[Excerpts from a dataset]

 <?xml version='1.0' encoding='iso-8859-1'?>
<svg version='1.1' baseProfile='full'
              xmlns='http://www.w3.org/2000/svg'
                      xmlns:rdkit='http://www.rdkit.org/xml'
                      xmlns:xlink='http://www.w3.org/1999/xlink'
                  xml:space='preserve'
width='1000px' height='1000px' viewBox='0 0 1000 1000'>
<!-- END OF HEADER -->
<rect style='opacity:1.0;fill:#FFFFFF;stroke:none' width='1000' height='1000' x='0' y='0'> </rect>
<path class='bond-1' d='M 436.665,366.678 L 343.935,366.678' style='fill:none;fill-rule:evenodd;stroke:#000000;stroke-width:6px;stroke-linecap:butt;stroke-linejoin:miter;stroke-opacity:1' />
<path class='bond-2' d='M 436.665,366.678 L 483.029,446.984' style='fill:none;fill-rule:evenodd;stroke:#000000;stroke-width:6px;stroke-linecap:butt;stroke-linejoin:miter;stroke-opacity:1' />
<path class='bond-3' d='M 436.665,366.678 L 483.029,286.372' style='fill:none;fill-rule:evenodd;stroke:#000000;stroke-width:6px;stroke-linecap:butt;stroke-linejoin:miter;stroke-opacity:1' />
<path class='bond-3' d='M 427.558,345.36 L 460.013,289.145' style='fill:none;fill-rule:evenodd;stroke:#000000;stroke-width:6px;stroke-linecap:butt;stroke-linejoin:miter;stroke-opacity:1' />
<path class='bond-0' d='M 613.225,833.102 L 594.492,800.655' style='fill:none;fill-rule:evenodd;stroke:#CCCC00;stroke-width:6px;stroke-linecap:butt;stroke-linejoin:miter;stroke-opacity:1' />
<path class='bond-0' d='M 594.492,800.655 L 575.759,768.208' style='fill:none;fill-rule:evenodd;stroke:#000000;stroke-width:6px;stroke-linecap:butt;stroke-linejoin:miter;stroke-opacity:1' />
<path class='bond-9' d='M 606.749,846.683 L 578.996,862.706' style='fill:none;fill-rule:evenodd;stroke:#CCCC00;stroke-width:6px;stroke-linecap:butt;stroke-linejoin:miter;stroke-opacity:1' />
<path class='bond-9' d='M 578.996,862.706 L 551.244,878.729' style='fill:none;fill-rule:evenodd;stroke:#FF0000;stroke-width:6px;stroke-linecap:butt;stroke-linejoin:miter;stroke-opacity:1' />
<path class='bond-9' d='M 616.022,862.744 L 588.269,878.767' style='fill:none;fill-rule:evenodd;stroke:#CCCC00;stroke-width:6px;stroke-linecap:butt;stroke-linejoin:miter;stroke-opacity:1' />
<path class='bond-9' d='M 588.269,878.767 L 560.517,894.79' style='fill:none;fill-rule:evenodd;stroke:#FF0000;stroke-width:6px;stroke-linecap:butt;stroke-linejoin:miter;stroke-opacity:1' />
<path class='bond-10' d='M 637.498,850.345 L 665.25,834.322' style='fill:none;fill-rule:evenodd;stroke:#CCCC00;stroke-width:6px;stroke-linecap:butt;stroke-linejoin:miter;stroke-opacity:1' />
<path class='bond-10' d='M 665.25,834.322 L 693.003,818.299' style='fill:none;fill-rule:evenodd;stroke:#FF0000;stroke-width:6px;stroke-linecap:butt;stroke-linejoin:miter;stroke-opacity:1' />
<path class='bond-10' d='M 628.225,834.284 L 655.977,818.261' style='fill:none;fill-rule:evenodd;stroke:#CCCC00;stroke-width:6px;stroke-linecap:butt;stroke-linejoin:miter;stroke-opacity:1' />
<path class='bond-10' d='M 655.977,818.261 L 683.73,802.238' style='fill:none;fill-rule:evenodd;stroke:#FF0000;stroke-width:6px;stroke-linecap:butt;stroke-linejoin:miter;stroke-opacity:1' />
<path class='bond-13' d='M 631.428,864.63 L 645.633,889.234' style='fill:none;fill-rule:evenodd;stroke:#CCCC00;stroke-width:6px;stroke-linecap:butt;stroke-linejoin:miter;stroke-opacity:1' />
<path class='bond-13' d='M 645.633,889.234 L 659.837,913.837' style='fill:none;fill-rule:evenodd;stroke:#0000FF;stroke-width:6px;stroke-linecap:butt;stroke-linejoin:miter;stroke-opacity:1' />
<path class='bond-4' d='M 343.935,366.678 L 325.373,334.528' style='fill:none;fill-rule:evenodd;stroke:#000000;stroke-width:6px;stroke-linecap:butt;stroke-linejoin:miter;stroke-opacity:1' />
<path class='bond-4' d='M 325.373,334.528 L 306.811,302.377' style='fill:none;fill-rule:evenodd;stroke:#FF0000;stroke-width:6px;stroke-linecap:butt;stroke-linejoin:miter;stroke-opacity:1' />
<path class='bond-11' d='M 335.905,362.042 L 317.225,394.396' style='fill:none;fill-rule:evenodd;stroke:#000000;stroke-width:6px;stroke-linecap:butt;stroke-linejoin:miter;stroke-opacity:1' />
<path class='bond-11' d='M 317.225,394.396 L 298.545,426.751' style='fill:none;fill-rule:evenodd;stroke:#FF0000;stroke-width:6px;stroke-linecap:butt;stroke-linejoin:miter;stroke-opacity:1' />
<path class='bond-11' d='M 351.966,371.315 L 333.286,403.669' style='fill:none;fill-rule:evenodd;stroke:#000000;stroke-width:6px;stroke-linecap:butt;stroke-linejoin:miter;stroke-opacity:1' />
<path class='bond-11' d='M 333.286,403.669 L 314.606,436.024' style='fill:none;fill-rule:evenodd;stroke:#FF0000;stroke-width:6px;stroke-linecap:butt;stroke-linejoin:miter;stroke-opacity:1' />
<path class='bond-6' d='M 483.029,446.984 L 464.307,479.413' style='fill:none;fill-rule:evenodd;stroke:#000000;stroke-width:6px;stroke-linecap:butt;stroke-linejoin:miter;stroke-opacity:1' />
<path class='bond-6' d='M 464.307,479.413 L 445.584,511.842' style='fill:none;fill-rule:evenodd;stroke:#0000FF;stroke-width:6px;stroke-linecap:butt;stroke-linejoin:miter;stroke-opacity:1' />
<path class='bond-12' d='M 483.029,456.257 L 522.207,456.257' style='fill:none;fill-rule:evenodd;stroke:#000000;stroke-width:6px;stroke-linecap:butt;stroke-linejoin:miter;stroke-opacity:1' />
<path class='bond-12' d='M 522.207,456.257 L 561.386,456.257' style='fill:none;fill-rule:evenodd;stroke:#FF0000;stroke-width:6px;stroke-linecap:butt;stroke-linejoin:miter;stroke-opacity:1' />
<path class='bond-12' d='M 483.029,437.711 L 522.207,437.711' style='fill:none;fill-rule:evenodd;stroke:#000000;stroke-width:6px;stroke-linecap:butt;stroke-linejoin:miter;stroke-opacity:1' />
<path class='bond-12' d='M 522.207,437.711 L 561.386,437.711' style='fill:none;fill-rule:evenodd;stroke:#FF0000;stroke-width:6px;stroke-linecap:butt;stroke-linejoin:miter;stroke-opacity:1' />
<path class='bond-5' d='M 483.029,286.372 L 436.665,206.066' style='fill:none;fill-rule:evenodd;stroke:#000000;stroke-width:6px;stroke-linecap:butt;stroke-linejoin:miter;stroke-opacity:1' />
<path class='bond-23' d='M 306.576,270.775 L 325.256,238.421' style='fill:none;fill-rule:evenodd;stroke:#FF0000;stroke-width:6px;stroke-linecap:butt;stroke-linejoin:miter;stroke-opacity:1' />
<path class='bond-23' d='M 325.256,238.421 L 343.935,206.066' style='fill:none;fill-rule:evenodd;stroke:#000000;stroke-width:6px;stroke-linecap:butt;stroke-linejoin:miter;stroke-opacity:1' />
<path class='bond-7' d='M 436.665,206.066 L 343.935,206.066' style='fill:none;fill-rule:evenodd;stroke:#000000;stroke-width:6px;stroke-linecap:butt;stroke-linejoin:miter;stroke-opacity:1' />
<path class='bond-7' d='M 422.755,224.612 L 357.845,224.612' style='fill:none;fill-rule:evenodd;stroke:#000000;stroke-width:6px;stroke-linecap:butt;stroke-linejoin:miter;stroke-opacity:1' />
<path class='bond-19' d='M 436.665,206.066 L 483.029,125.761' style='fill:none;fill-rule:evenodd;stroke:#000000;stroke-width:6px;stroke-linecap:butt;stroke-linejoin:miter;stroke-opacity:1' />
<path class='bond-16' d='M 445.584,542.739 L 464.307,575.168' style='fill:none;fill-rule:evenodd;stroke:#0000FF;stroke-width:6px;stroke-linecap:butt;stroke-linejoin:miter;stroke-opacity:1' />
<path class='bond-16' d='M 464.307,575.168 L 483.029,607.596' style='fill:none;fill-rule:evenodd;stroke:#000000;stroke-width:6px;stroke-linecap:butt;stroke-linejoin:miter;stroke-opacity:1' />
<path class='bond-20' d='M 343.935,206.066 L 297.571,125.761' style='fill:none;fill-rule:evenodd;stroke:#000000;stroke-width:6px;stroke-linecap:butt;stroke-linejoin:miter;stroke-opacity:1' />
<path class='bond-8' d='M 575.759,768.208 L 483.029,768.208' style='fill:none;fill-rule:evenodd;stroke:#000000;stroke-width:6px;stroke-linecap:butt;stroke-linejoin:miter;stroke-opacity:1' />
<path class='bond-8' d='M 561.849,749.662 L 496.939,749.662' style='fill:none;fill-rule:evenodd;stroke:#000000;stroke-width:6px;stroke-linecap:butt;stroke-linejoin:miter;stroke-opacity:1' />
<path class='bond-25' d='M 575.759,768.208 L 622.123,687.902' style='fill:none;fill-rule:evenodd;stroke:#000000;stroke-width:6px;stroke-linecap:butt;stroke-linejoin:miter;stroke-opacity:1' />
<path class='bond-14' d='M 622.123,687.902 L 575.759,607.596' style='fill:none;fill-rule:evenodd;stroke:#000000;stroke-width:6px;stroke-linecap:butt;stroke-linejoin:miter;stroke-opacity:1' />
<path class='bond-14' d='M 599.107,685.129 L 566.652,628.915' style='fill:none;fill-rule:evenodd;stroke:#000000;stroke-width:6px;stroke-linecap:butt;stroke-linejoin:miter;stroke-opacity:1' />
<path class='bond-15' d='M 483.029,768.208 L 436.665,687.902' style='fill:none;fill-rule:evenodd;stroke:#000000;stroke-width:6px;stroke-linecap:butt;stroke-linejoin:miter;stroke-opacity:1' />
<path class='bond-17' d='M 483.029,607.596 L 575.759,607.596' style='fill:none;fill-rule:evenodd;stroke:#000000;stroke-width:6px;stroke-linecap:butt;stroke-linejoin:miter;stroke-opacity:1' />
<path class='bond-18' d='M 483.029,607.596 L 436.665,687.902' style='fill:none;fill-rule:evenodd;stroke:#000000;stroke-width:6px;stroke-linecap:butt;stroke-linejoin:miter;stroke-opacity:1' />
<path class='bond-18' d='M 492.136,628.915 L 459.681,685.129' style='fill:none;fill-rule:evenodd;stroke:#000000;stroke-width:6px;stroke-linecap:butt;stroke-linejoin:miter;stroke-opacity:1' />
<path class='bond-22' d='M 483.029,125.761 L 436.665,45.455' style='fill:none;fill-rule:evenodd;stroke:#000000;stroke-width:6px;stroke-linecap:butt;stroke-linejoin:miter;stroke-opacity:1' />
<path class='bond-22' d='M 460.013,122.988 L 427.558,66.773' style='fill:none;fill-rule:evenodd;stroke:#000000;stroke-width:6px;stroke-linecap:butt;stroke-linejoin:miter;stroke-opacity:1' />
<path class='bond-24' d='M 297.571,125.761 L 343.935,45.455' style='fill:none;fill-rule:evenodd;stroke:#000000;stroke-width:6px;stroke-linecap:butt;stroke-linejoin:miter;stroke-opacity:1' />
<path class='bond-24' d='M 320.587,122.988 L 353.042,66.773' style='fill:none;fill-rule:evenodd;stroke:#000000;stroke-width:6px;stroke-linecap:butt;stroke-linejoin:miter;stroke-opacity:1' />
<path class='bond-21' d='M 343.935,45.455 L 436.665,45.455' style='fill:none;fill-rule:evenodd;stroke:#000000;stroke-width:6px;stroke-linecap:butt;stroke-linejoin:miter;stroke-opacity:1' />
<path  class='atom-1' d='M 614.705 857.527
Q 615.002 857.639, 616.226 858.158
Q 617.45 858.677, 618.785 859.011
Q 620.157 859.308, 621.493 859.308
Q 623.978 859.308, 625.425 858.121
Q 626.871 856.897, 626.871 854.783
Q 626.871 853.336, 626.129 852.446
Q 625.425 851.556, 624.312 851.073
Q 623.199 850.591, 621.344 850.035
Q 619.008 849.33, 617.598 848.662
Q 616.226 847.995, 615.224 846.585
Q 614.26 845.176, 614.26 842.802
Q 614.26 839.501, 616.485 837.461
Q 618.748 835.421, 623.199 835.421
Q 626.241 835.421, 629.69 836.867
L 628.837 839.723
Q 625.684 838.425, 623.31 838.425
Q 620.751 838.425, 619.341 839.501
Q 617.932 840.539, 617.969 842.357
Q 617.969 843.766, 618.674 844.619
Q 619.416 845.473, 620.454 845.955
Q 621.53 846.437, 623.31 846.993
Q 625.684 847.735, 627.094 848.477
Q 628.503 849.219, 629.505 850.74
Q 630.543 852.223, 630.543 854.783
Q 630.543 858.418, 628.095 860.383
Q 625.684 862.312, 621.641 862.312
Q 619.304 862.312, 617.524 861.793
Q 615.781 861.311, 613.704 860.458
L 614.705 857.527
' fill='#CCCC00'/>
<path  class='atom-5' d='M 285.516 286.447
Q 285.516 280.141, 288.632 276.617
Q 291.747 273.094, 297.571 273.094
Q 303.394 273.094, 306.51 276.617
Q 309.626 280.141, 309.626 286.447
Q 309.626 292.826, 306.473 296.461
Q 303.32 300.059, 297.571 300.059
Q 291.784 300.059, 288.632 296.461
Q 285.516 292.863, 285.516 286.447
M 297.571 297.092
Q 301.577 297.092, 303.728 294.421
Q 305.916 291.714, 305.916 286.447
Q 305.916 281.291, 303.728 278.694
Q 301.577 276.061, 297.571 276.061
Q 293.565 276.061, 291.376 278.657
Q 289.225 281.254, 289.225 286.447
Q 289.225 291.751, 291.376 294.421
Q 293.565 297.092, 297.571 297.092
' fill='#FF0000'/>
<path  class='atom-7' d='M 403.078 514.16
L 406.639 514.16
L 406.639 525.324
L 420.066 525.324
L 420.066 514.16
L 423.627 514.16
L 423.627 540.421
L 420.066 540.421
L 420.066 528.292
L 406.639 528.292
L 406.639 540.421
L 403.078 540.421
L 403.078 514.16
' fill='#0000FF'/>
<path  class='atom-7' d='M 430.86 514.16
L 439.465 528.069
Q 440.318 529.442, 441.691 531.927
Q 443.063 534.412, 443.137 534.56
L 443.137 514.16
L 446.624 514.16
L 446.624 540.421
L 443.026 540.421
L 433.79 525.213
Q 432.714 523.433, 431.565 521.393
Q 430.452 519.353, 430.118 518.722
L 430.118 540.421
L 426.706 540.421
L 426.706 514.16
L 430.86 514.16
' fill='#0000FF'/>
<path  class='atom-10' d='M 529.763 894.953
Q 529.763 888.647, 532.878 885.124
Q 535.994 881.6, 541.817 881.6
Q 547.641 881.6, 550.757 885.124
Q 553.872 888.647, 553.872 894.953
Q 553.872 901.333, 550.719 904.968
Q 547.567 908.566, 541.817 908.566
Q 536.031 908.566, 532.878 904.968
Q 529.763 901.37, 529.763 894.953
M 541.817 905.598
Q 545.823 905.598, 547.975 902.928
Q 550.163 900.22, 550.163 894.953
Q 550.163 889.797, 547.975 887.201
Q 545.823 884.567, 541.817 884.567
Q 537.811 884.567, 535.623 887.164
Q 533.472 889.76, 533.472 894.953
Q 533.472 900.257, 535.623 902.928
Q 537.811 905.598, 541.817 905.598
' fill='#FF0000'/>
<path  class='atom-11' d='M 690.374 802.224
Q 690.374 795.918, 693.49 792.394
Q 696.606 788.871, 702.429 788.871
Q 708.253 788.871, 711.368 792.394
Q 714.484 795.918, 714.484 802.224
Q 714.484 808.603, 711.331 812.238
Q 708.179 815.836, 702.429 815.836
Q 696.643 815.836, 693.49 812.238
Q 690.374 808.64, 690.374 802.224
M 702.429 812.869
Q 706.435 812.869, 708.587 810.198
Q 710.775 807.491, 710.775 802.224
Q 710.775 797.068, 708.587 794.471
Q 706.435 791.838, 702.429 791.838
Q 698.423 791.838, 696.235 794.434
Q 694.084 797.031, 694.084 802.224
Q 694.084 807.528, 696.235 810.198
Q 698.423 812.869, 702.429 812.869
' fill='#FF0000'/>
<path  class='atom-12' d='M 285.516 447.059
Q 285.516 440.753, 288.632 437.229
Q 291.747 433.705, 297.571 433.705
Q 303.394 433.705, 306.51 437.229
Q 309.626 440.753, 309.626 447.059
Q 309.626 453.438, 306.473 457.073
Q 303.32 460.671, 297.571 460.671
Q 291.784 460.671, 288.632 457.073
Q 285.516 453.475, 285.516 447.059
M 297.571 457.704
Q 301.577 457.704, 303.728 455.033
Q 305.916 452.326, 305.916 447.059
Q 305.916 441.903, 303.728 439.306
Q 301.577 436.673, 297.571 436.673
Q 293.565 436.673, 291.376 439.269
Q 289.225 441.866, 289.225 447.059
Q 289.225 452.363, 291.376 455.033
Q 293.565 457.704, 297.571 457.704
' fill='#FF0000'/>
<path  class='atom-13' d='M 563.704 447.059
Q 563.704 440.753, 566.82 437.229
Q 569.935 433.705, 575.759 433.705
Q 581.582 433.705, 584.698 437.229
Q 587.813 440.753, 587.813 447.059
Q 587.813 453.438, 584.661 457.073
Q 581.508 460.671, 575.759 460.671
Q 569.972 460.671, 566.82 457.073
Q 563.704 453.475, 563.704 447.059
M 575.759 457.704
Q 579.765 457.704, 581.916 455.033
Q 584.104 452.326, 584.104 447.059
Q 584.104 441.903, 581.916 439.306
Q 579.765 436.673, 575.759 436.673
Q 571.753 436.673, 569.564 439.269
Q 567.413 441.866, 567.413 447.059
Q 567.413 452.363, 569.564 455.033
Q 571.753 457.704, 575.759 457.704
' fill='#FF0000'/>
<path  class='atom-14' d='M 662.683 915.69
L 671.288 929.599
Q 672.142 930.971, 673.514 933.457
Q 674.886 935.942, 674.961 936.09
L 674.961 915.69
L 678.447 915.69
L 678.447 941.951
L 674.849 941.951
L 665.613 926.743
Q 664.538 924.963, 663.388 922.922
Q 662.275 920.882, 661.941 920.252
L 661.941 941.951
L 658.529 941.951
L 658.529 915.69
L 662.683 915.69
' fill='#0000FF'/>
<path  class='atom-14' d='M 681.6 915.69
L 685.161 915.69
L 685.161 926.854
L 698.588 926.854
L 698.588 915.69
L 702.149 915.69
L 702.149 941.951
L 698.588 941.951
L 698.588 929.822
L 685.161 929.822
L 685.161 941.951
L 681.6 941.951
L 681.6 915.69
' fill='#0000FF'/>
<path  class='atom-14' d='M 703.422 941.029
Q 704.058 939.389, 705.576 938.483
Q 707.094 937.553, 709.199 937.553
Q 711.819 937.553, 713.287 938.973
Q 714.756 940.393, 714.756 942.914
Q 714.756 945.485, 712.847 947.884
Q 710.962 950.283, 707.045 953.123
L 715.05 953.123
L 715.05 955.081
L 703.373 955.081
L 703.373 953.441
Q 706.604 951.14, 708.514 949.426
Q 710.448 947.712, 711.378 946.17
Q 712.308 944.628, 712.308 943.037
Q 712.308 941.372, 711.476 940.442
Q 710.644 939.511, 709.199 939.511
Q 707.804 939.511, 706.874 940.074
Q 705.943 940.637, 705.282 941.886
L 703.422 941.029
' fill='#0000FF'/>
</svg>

- What to do -
From the entries above, copy each line that holds "atom".

- Answer -
<path  class='atom-1' d='M 614.705 857.527
<path  class='atom-5' d='M 285.516 286.447
<path  class='atom-7' d='M 403.078 514.16
<path  class='atom-7' d='M 430.86 514.16
<path  class='atom-10' d='M 529.763 894.953
<path  class='atom-11' d='M 690.374 802.224
<path  class='atom-12' d='M 285.516 447.059
<path  class='atom-13' d='M 563.704 447.059
<path  class='atom-14' d='M 662.683 915.69
<path  class='atom-14' d='M 681.6 915.69
<path  class='atom-14' d='M 703.422 941.029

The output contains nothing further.